◆ **Supplied information**:

= Beginning of Section =

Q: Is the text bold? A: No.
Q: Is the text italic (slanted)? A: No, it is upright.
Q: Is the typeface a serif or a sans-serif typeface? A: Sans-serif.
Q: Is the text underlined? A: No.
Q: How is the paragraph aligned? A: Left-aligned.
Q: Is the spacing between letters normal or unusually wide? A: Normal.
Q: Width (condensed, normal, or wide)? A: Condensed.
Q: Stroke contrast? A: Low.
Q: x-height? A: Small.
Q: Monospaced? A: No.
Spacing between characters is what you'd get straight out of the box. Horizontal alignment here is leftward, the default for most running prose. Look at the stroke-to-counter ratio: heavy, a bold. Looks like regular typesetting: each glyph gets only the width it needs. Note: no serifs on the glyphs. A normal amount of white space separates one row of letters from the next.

= End of Section =
= Beginning of Section =

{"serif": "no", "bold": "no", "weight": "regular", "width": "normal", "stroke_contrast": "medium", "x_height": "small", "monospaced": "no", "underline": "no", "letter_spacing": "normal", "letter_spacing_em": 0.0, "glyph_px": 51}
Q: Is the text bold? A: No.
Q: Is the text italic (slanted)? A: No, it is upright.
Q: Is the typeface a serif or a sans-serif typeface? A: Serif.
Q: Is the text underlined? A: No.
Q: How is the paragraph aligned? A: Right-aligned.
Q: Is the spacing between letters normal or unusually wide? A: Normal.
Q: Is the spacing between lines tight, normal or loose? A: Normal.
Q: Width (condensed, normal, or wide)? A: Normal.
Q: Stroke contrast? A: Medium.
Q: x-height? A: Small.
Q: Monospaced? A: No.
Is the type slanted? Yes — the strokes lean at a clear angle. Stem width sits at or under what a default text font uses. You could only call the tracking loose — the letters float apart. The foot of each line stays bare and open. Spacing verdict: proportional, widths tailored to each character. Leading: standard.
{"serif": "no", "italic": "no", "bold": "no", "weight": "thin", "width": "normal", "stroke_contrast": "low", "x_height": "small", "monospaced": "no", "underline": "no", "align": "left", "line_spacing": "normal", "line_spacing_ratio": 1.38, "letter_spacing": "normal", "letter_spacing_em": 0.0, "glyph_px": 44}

= End of Section =

◆ **Task to carry out**:
Go line by line through the records and copy those that contain the word "bold".

◆ **Solution to this task**:
Q: Is the text bold? A: No.
Spacing between characters is what you'd get straight out of the box. Horizontal alignment here is leftward, the default for most running prose. Look at the stroke-to-counter ratio: heavy, a bold. Looks like regular typesetting: each glyph gets only the width it needs. Note: no serifs on the glyphs. A normal amount of white space separates one row of letters from the next.
{"serif": "no", "bold": "no", "weight": "regular", "width": "normal", "stroke_contrast": "medium", "x_height": "small", "monospaced": "no", "underline": "no", "letter_spacing": "normal", "letter_spacing_em": 0.0, "glyph_px": 51}
Q: Is the text bold? A: No.
{"serif": "no", "italic": "no", "bold": "no", "weight": "thin", "width": "normal", "stroke_contrast": "low", "x_height": "small", "monospaced": "no", "underline": "no", "align": "left", "line_spacing": "normal", "line_spacing_ratio": 1.38, "letter_spacing": "normal", "letter_spacing_em": 0.0, "glyph_px": 44}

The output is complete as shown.